Provided information:

•••••

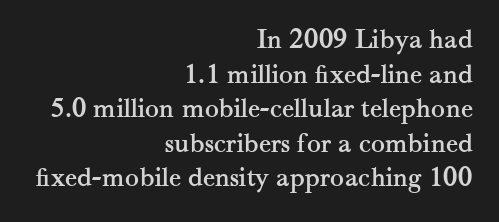
{"serif": "yes", "italic": "no", "width": "normal", "stroke_contrast": "medium", "x_height": "small", "monospaced": "no", "underline": "no", "align": "right", "line_spacing_ratio": 1.19, "letter_spacing": "normal", "letter_spacing_em": 0.0, "glyph_px": 29}
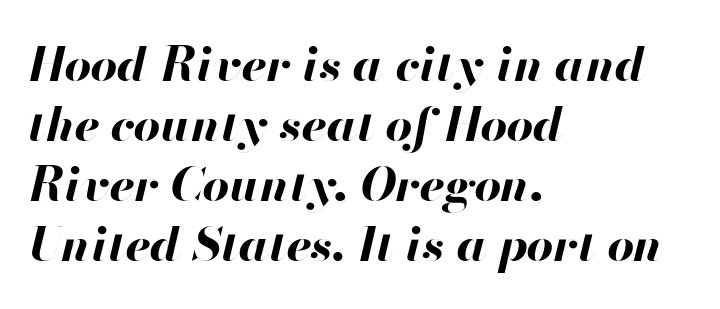
{"italic": "yes", "lean": "right", "slant_degrees": 13, "bold": "yes", "weight": "bold", "width": "normal", "stroke_contrast": "high", "x_height": "small", "monospaced": "no", "underline": "no", "align": "left", "line_spacing": "normal", "line_spacing_ratio": 1.28, "letter_spacing": "normal", "letter_spacing_em": 0.0, "glyph_px": 47}
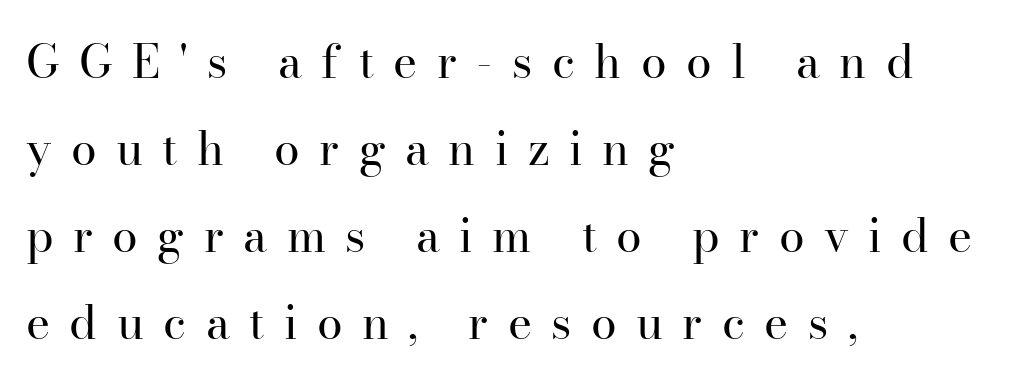
{"serif": "yes", "italic": "no", "bold": "no", "weight": "regular", "width": "normal", "stroke_contrast": "high", "x_height": "small", "monospaced": "no", "underline": "no", "align": "left", "line_spacing_ratio": 1.89, "letter_spacing": "wide", "letter_spacing_em": 0.42, "glyph_px": 46}
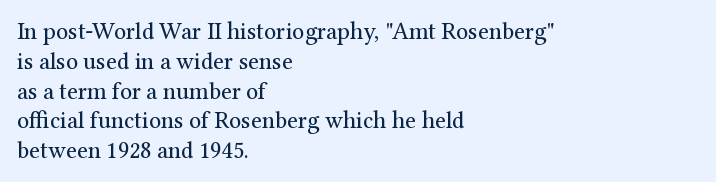
Q: Is the text bold? A: No.
Q: Is the text italic (slanted)? A: No, it is upright.
Q: Is the text underlined? A: No.
Q: How is the paragraph aligned? A: Left-aligned.
Q: Is the spacing between letters normal or unusually wide? A: Normal.
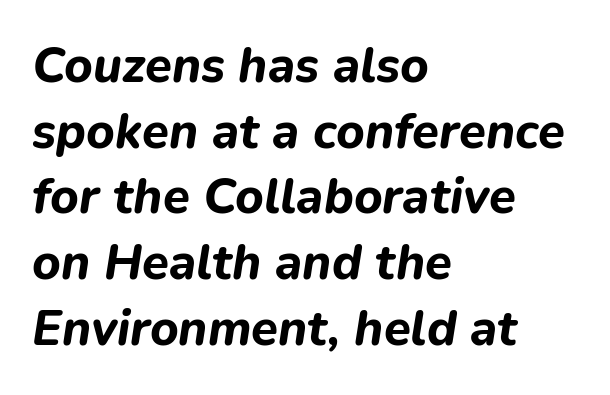
Emphasis by weight is at full strength: bold. The glyphs look as if they've been sheared to an angle. The rendering uses natural spacing where letterforms have individual widths. Inter-character spacing is left at the font's built-in metrics.
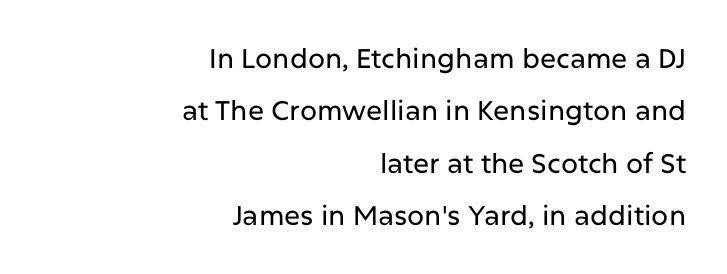
{"italic": "no", "underline": "no", "align": "right", "line_spacing": "loose", "line_spacing_ratio": 1.94, "letter_spacing": "normal", "letter_spacing_em": 0.0, "glyph_px": 27}
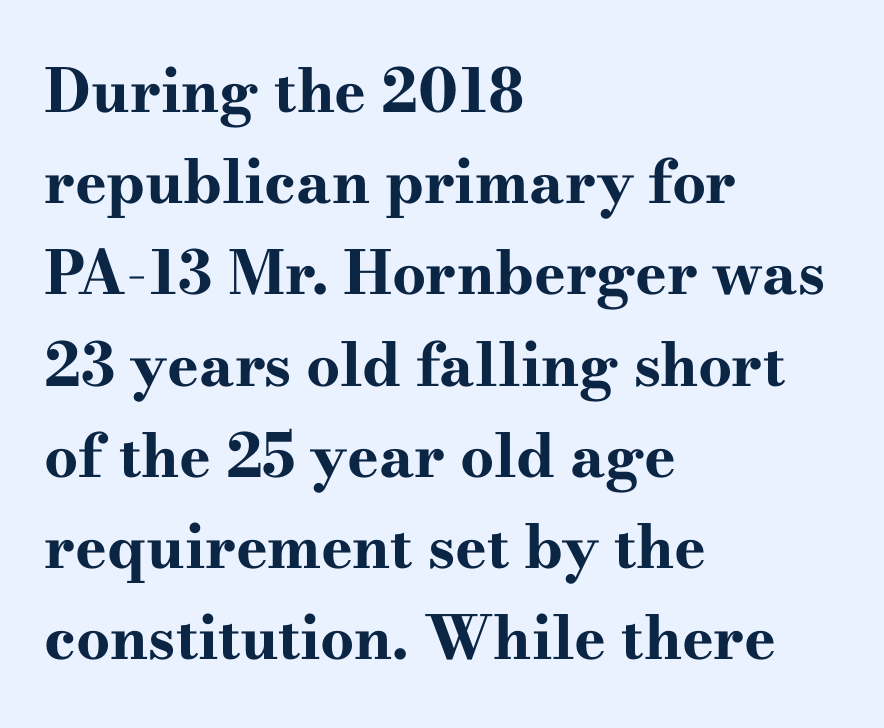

•••••

Prompt: Write out exactly the lines from the line that contains "Q: Is the text underlined? A: No." to the last line of the material above, both included; pictures do not belong in the copy.

Result below:
Q: Is the text underlined? A: No.
Q: How is the paragraph aligned? A: Left-aligned.
Q: Is the spacing between letters normal or unusually wide? A: Normal.
Emphasis by weight is at full strength: bold. The glyphs look as if they've been sheared to an angle. The rendering uses natural spacing where letterforms have individual widths. Inter-character spacing is left at the font's built-in metrics.
{"italic": "no", "underline": "no", "align": "right", "line_spacing": "loose", "line_spacing_ratio": 1.94, "letter_spacing": "normal", "letter_spacing_em": 0.0, "glyph_px": 27}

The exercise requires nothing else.